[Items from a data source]
Start of Block

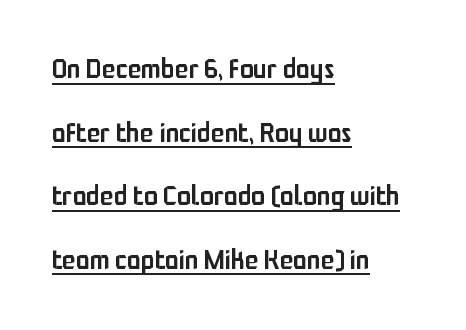
Q: Is the text bold? A: Semi-bold.
Q: Is the text italic (slanted)? A: No, it is upright.
Q: Is the typeface a serif or a sans-serif typeface? A: Sans-serif.
Q: Is the text underlined? A: Yes.
Q: How is the paragraph aligned? A: Left-aligned.
Q: Is the spacing between letters normal or unusually wide? A: Normal.
Q: Is the spacing between lines tight, normal or loose? A: Loose.
Q: Width (condensed, normal, or wide)? A: Condensed.
Q: Stroke contrast? A: Low.
Q: x-height? A: Medium.
Q: Monospaced? A: No.

End of Block

**WORK TO BE COMPLETED**: Whenever the word "wide" occurs in a line above, copy that line.

**SOLUTION TO THIS EXERCISE**:
Q: Is the spacing between letters normal or unusually wide? A: Normal.
Q: Width (condensed, normal, or wide)? A: Condensed.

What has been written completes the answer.